# Just picked up and have some ?'s



## jbalzola (Nov 6, 2009)

Hey guys, i just picked up a 91 kawasaki bayou 300 4x4 and i'm looking to put a plow on it, theres a shop around here thats putting up a special...$460 for a 50" Moose plow and a 3000lbs winch...is that a solid deal or no? And i was wondering what tires have you had the most success with.


----------



## eicivic (Oct 30, 2009)

that sounds like a good deal.. Is that with the mounting hardware and installed?

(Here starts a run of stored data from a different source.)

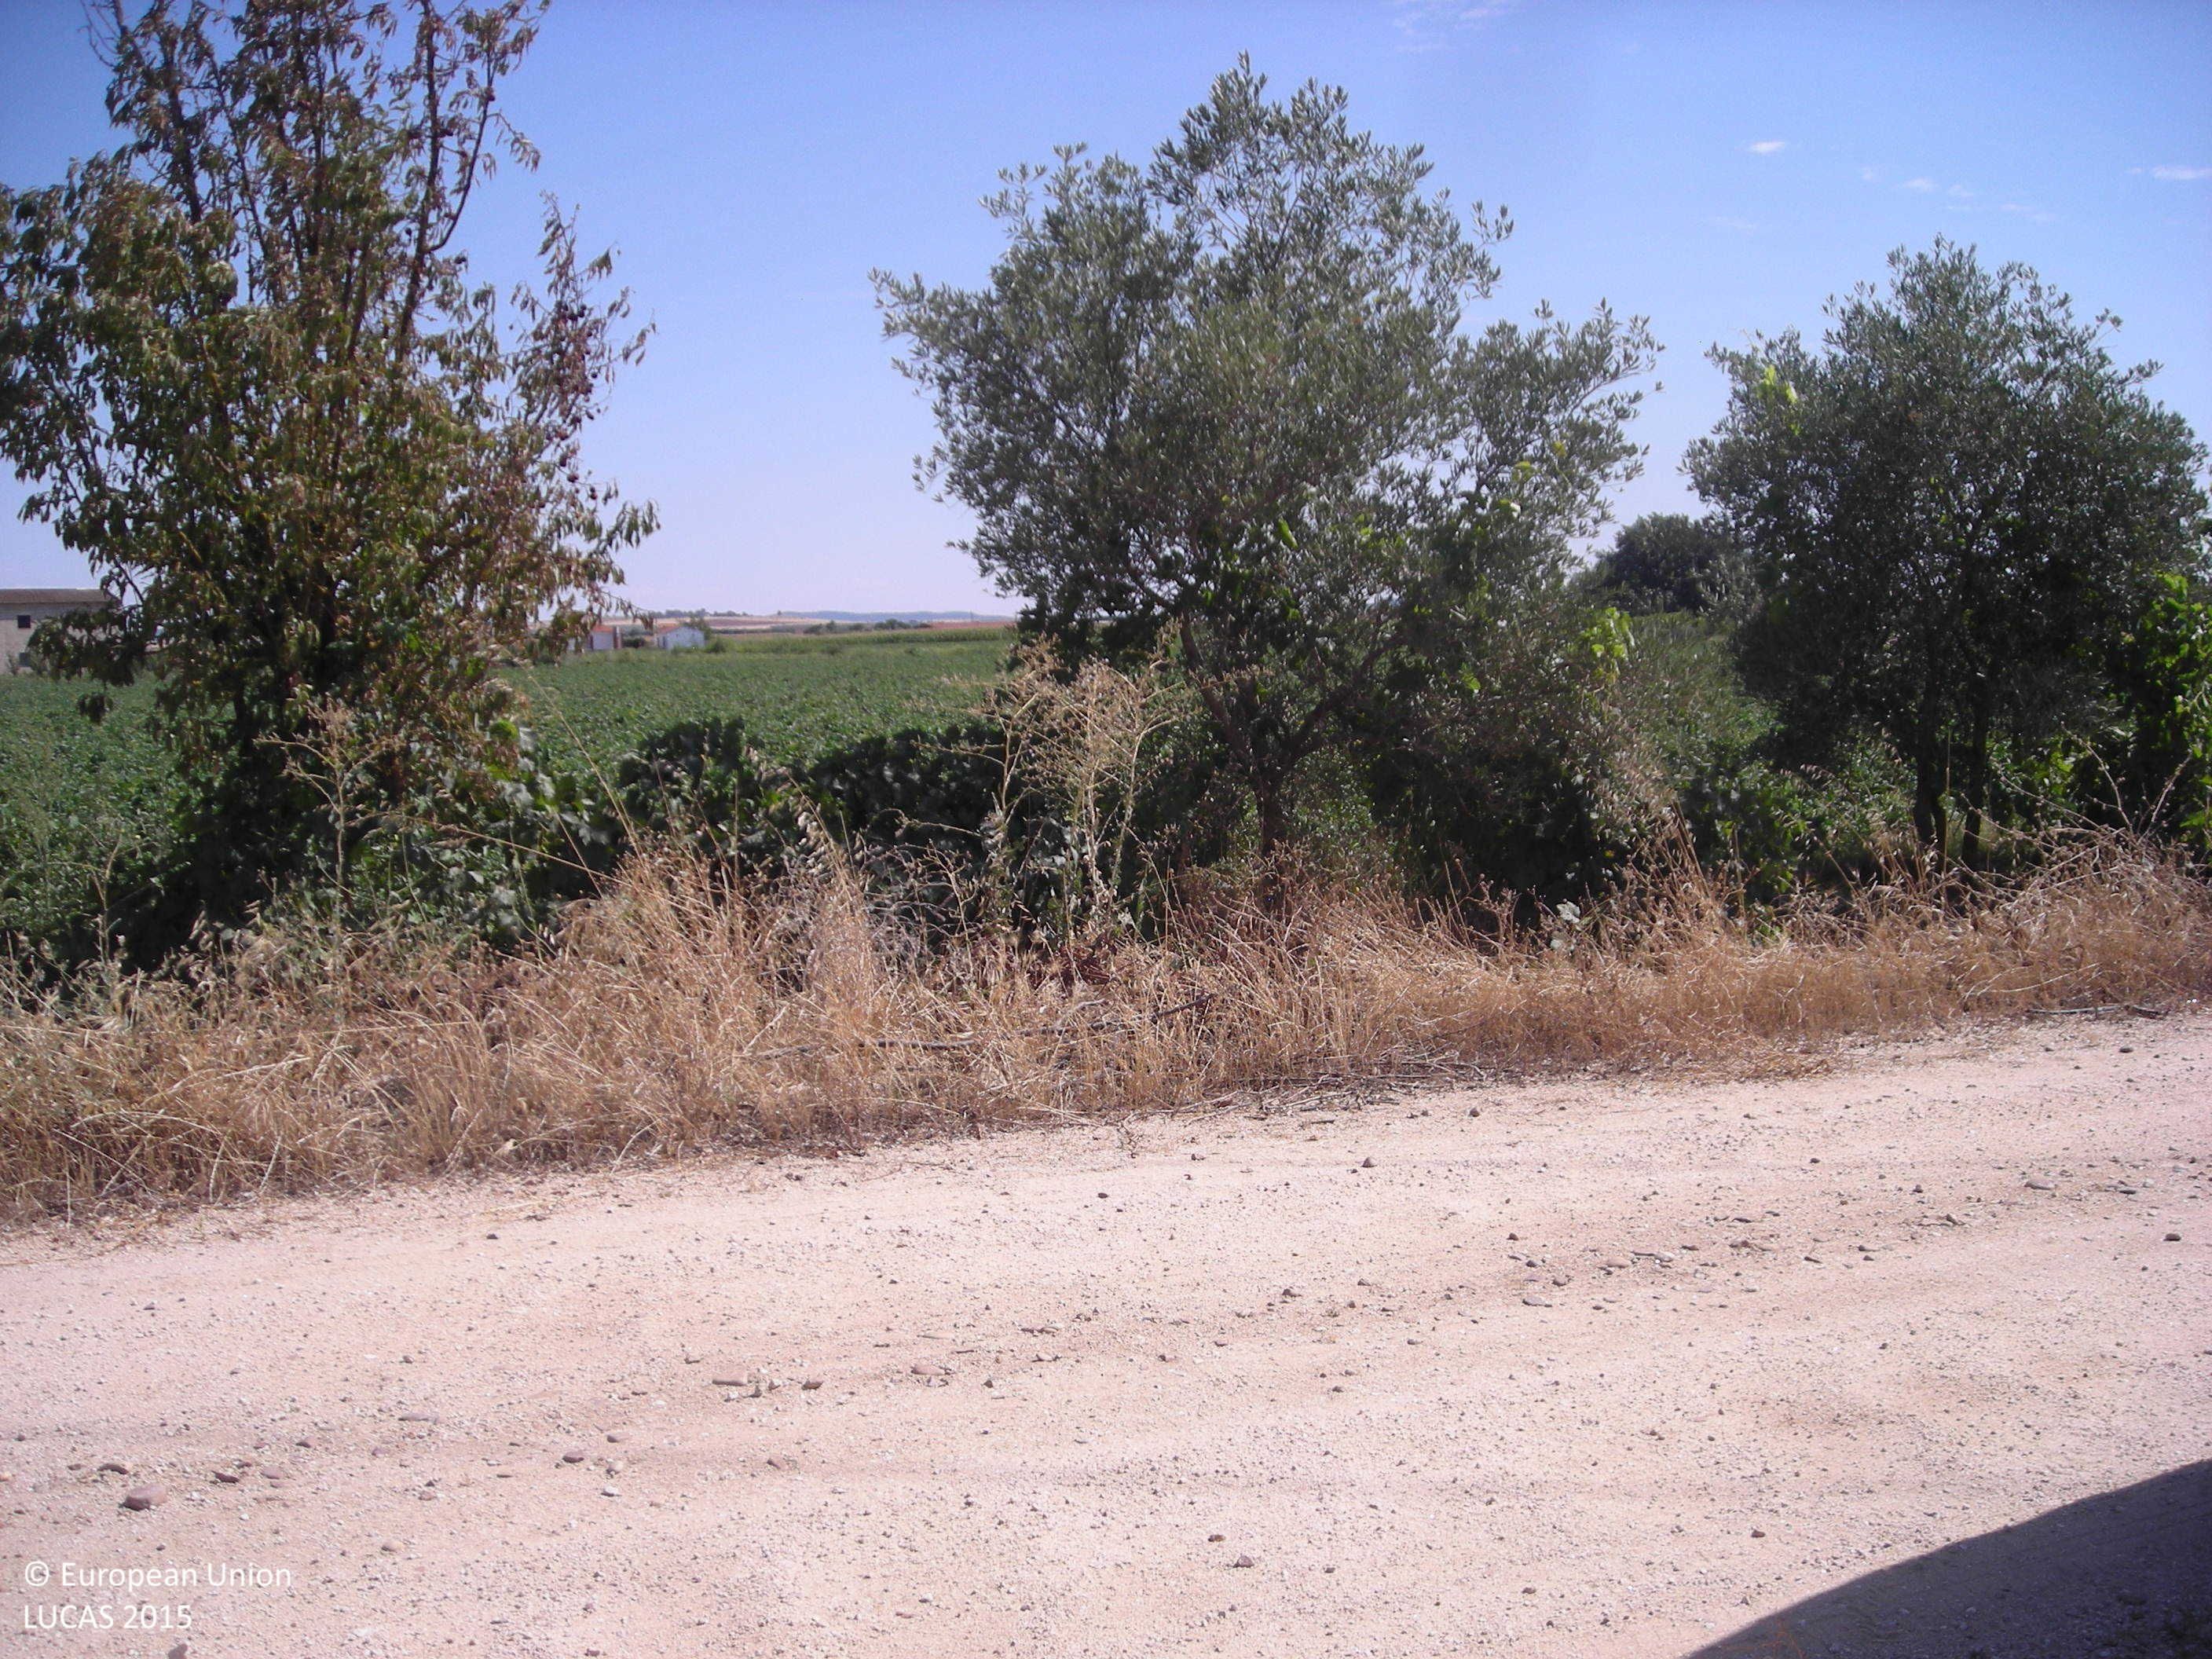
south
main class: Cropland
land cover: Tomatoes
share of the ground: > 75 %
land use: Agriculture (excluding fallow land and kitchen gardens)
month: July
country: ES
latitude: 38.9546
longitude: -5.9404
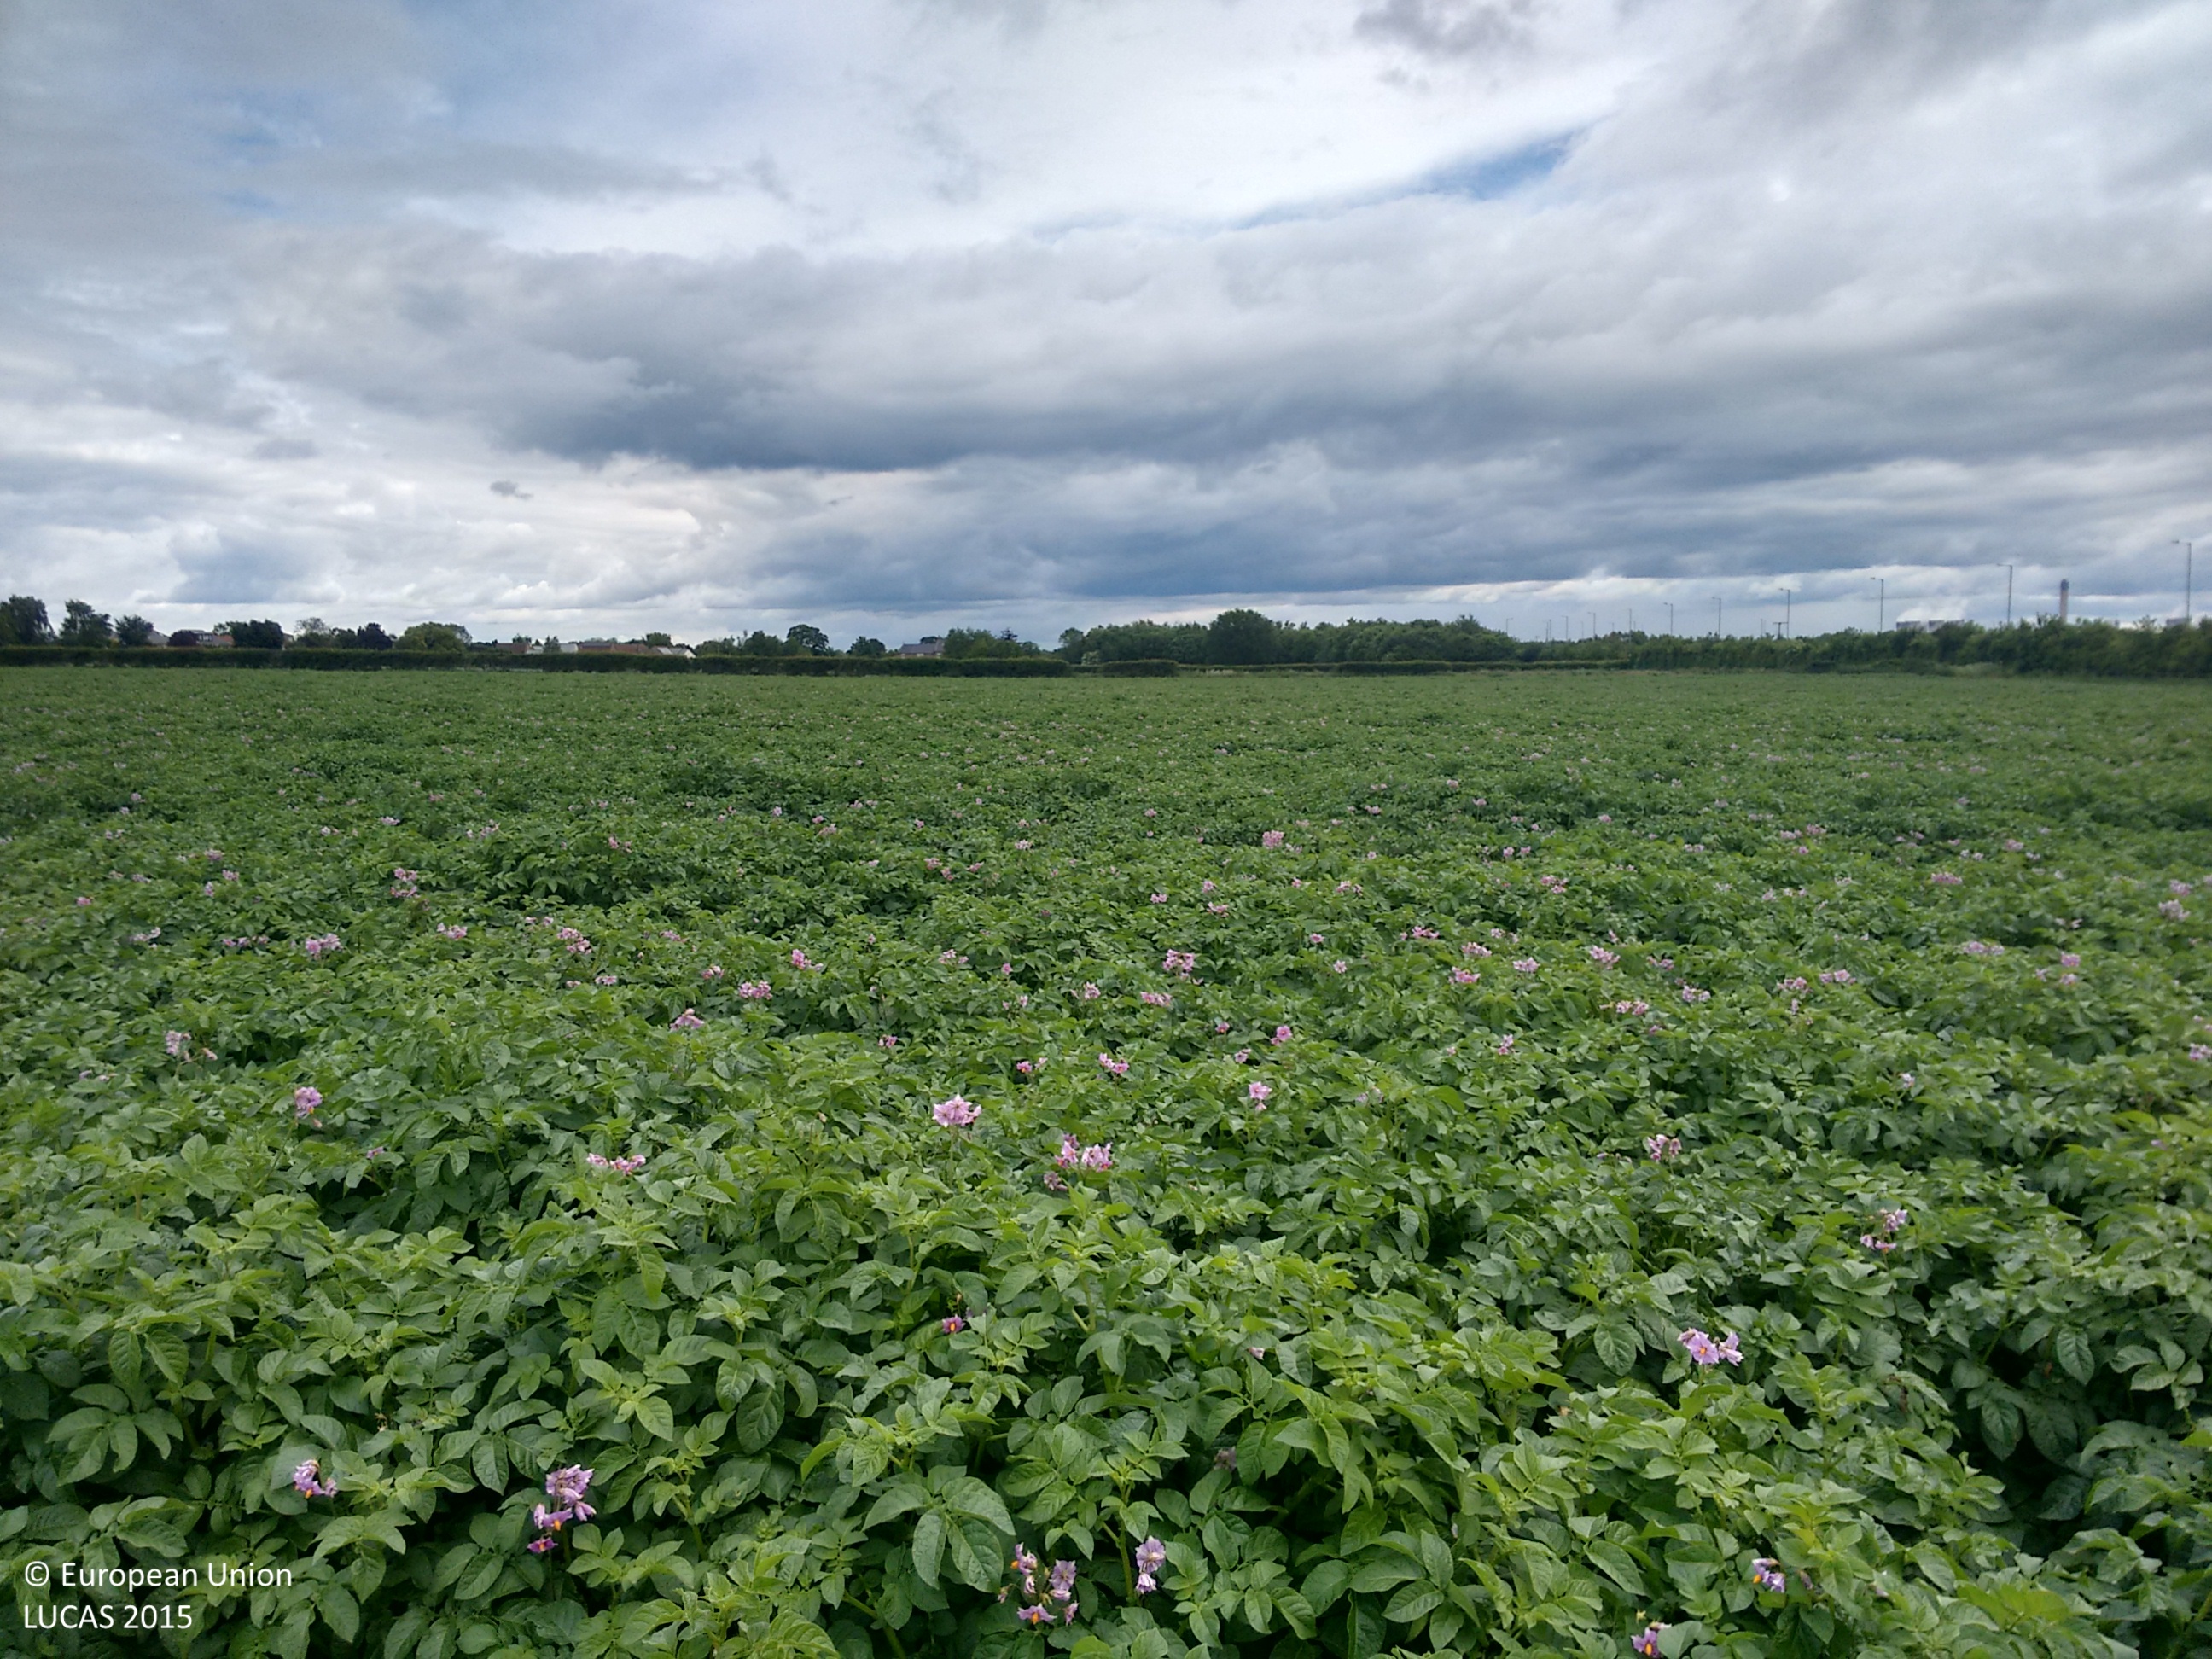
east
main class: Cropland
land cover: Potatoes
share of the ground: > 75 %
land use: Agriculture (excluding fallow land and kitchen gardens)
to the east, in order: Potatoes; Grass margins; Managed hedges; Grass margins; Common wheat
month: June
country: GB
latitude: 53.7611
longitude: -1.1024

Also what kind of winch?


----------



## jbalzola (Nov 6, 2009)

The deal includes all the mounting hardware and the push tubes, the winch isnt specified.


----------



## mercer_me (Sep 13, 2008)

If it's a Warn winch it sounds like a good deal to me.


----------



## Reb (Feb 8, 2008)

My first ATV was a Bayou 300 4x4. Good machine, pushed a lot of snow with it. I only had a 48" blade on it which was too small. I also put taller mud grip tires on it which helped.

Like others said, it doesn't sound like a bad deal but it depends on the winch.


----------



## EaTmYtAiLpIpEs (Aug 23, 2007)

if it is a warn winch that is a really good deal.


----------